Start small. As others said it gets very expensive when doing the co-ordination study and arc flash study. They can run $40,000 per mid size building. I do not know what the end goal is or what is the purpose of the electrical safety plan in your case. Many HSE people take an outside class and come back to set the world on fire only to be shot down because of the cost. If there is little to plan in place I would start with things that do not cost much like going around marking all the panels and make sure the directories are up to date. Lable all receptacles, lighting banks, motors, switches basically everything that someone could work on. Include the panel and breaker number. If there are a lot of electrical panels maybe make a map of where they are and what size. Have accurate line diagrams. All this helps when it comes time to do the more expensive stuff. Go after the low hanging fruit. You don't want to give sticker shock to the guys who sign the checks.


----------



## EJPHI (May 7, 2008)

kb1jb1 said:


> Start small. As others said it gets very expensive when doing the co-ordination study and arc flash study. They can run $40,000 per mid size building. I do not know what the end goal is or what is the purpose of the electrical safety plan in your case. Many HSE people take an outside class and come back to set the world on fire only to be shot down because of the cost. If there is little to plan in place I would start with things that do not cost much like going around marking all the panels and make sure the directories are up to date. Lable all receptacles, lighting banks, motors, switches basically everything that someone could work on. Include the panel and breaker number. If there are a lot of electrical panels maybe make a map of where they are and what size. Have accurate line diagrams. All this helps when it comes time to do the more expensive stuff. Go after the low hanging fruit. You don't want to give sticker shock to the guys who sign the checks.


Good idea about low hanging fruit. Since I am learning about this stuff, can you recommend one of these outside classes. I know there are plenty but don't know good from bad.


----------



## SWDweller (Dec 9, 2020)

I have never seen those before. I am a dinosaur (over 70) so spending $550 for this LINE VOLTAGE toy plus installation seems a waste to me. This device REQUIRES PPE, Glasses, gloves, and your potentially putting men in danger because it is HOT! Probes get cracked, worn etc.

I would much rather have an IQ250, no PPE required 
or what I used to install a lot of IQDP4030. Again no PPE required and a lot more information.

I worked for Cutler-Hammer/Eaton and have installed thousands of these devices. I did pick products that I know best. I am certain there are other products by other MFG's that are equal or superior in performance. There is a communication module that attaches to the back of these devices and with the Eaton software you can collect the data on a computer, trend it, and all sorts of interesting things that a plant would want to know with out leaving your chair or calling a man to take live readings. 

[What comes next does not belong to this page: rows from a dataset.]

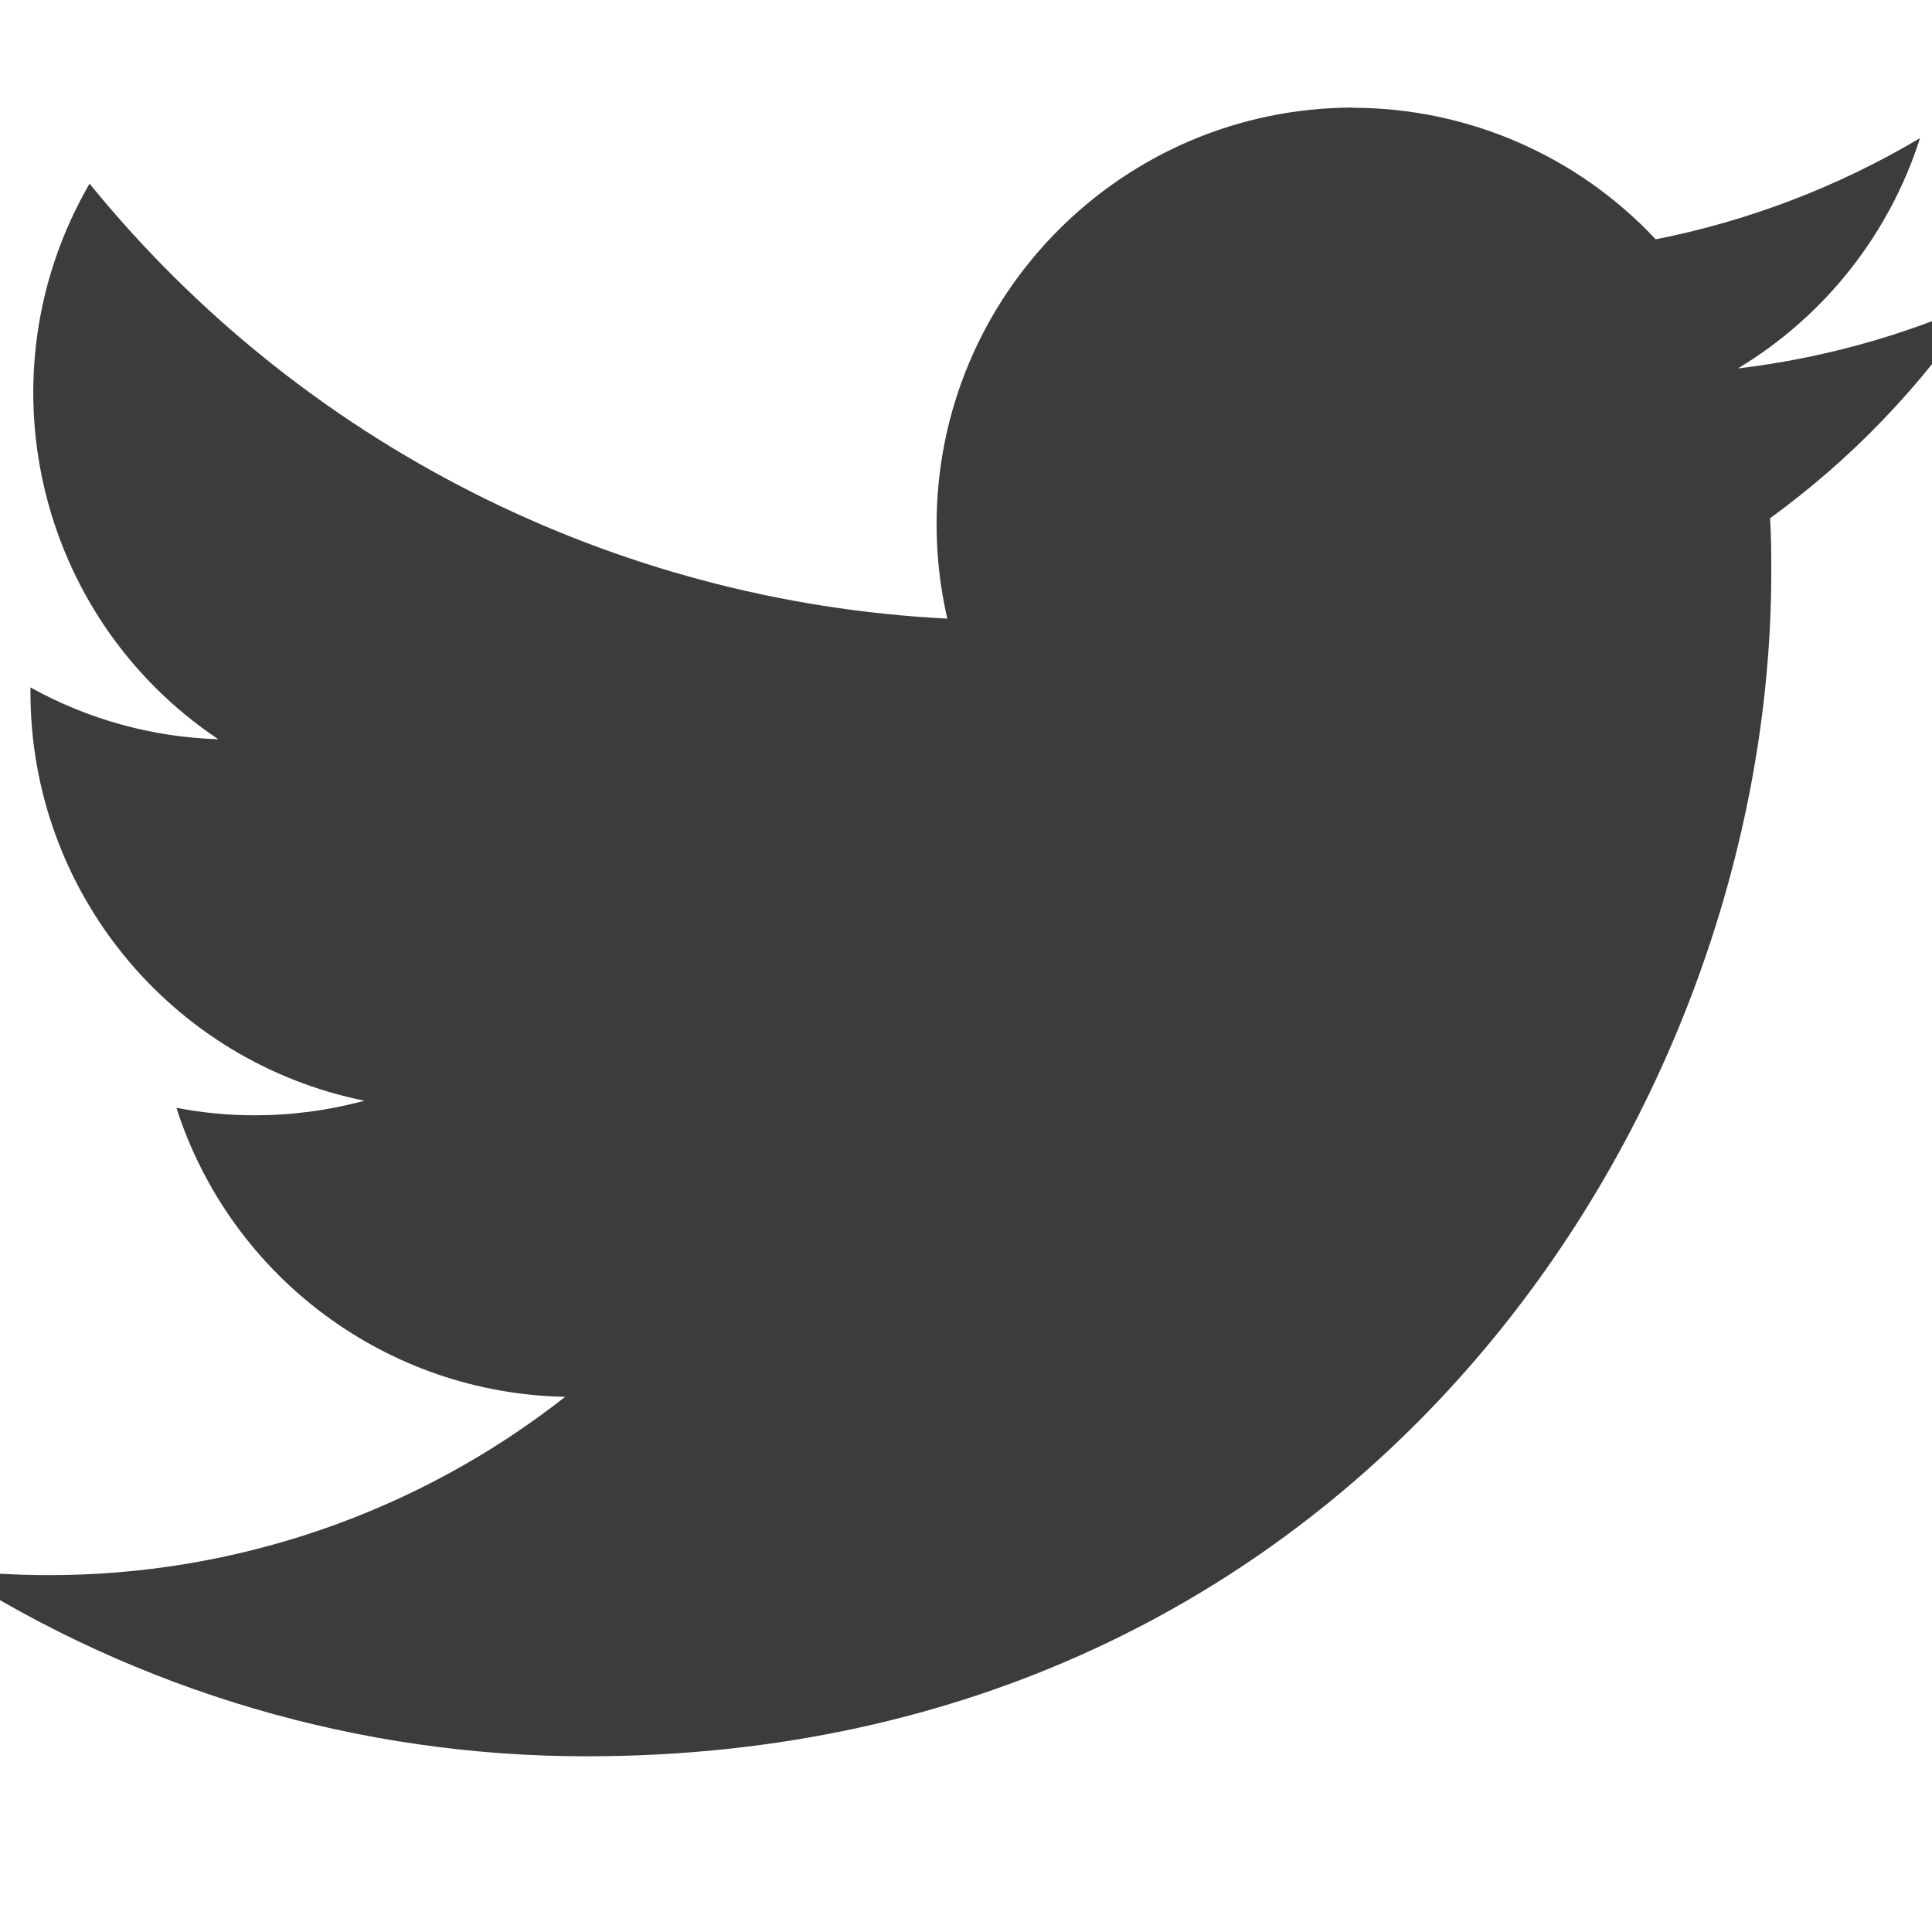 <?xml version="1.0" encoding="utf-8"?>
<!-- Generator: Adobe Illustrator 15.1.0, SVG Export Plug-In . SVG Version: 6.00 Build 0)  -->
<!DOCTYPE svg PUBLIC "-//W3C//DTD SVG 1.1//EN" "http://www.w3.org/Graphics/SVG/1.1/DTD/svg11.dtd">
<svg version="1.1" id="Layer_1" xmlns="http://www.w3.org/2000/svg" xmlns:xlink="http://www.w3.org/1999/xlink" x="0px" y="0px"
	 width="566.93px" height="566.93px" viewBox="0 0 566.93 566.93" enable-background="new 0 0 566.93 566.93" xml:space="preserve">
<title>43d7af06-02f9-4717-9926-d9c8de2a0f12</title>
<g>
	<g id="logo_twit">
		<g>
			<path fill="#3C3C3B" d="M396.942,31.563c-67.589,0.15-122.259,55.064-122.108,122.654c0.021,9.192,1.076,18.354,3.148,27.31
				c-98.196-4.953-189.679-51.342-251.701-127.632c-32.355,55.804-15.826,127.141,37.772,163.029
				c-19.32-0.603-38.218-5.816-55.115-15.204v1.544c0.033,58.137,41.013,108.208,97.996,119.733
				c-10.493,2.844-21.318,4.282-32.19,4.276c-7.714,0.002-15.41-0.733-22.984-2.197c15.989,49.753,61.841,83.838,114.091,84.811
				c-43.236,33.966-96.644,52.396-151.626,52.324c-9.745-0.007-19.482-0.582-29.161-1.723
				c55.832,35.899,120.824,54.952,187.202,54.878c224.618,0,347.499-186.133,347.499-347.5c0-5.286,0-10.572-0.356-15.798
				c23.826-17.291,44.38-38.689,60.697-63.192c-22.29,9.874-45.932,16.359-70.141,19.243c25.428-15.298,44.426-39.319,53.452-67.588
				c-23.975,14.246-50.207,24.289-77.565,29.696c-23.07-24.646-55.327-38.624-89.087-38.604"/>
		</g>
	</g>
</g>
</svg>

This device sets a really BAD precedence IMO. Your telling employees to work hot. I would almost bet the insurance company would have kittens and puppies over that idea.


----------



## EJPHI (May 7, 2008)

SWDweller said:


> I have never seen those before. I am a dinosaur (over 70) so spending $550 for this LINE VOLTAGE toy plus installation seems a waste to me. This device REQUIRES PPE, Glasses, gloves, and your potentially putting men in danger because it is HOT! Probes get cracked, worn etc.
> 
> I would much rather have an IQ250, no PPE required
> or what I used to install a lot of IQDP4030. Again no PPE required and a lot more information.
> ...


I will check those out. I like the Grace PESD I showed because when the LEDs are off you KNOW the panel is dead without opening it. The bad precedence is that enables bad documentation practices, but gives a high degree of safety.


----------



## glen1971 (Oct 10, 2012)

EJPHI said:


> Found it. you ever use these?
> View attachment 172064
> View attachment 172064


We've got hundreds of Gracie lights installed through our facilities. Part of them is also knowing what system they are monitoring. They seems to work ok.


----------



## joe-nwt (Mar 28, 2019)

EJPHI said:


> I will check those out. I like the Grace PESD I showed because when the LEDs are off you KNOW the panel is dead without opening it. The bad precedence is that enables bad documentation practices, but gives a high degree of safety.

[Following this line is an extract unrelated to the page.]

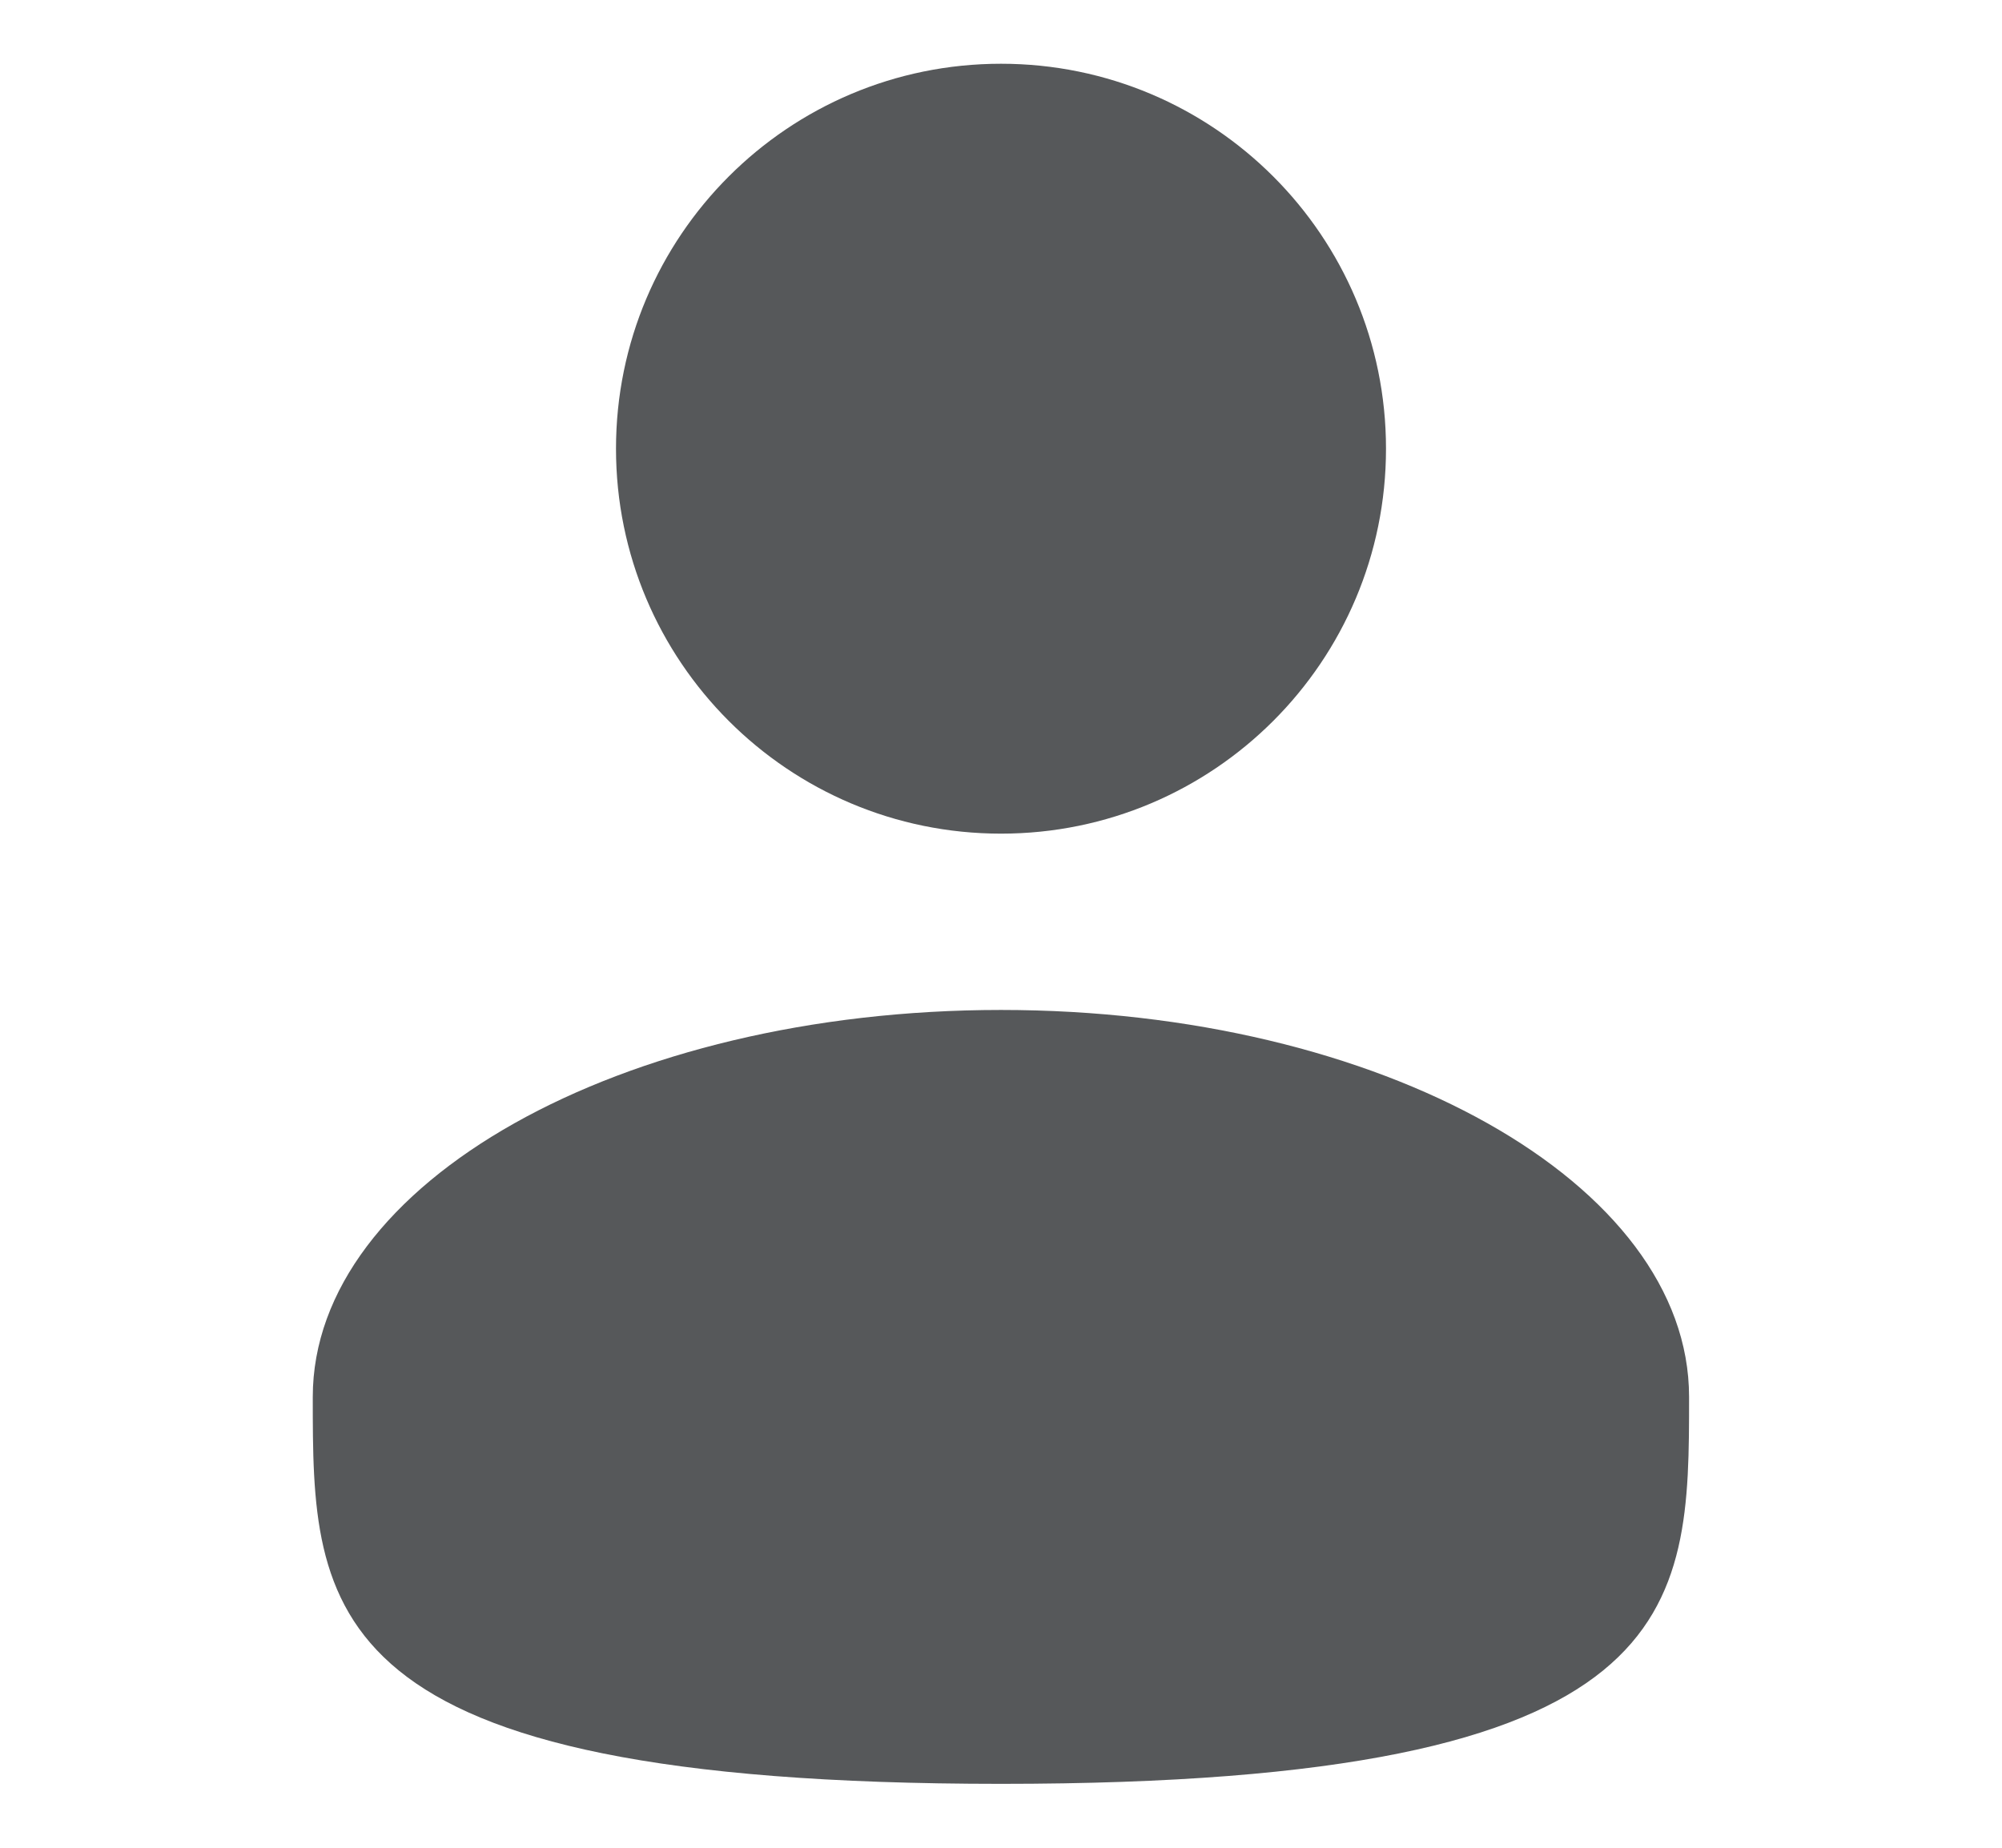 <svg width="13" height="12" viewBox="0 0 13 12" fill="none" xmlns="http://www.w3.org/2000/svg">
    <path d="M6.5 5.414C7.881 5.414 9 4.295 9 2.914C9 1.533 7.881 0.414 6.5 0.414C5.119 0.414 4 1.533 4 2.914C4 4.295 5.119 5.414 6.5 5.414Z" fill="#56585A"/>
    <path d="M10.968 9.072C10.968 10.46 10.968 11.585 6.5 11.585C2.031 11.585 2.031 10.46 2.031 9.072C2.031 7.684 4.032 6.559 6.5 6.559C8.967 6.559 10.968 7.684 10.968 9.072Z" fill="#56585A"/>
</svg>

Surely you wouldn't trust your life with a light that is "off"?


----------



## EJPHI (May 7, 2008)

joe-nwt said:


> Surely you wouldn't trust your life with a light that is "off"?


These Grace things have two lights for redundancy. First see if any lights are on, then shut off the panel with the breaker you think is correct. Next see if the lights are off (they should have been on before flipping the supply breaker). If they were off while the panel was still energized, then they are not working correctly. I think this is safer than assuming the panel is off after flipping what you think is the correct breaker then opening the panel to test with you meter.


----------



## joe-nwt (Mar 28, 2019)

First off, you always test regardless whether the lights are off or on. Always test to ground. Would the lights be off or on if the neutral was broken somewhere and one phase was still hot?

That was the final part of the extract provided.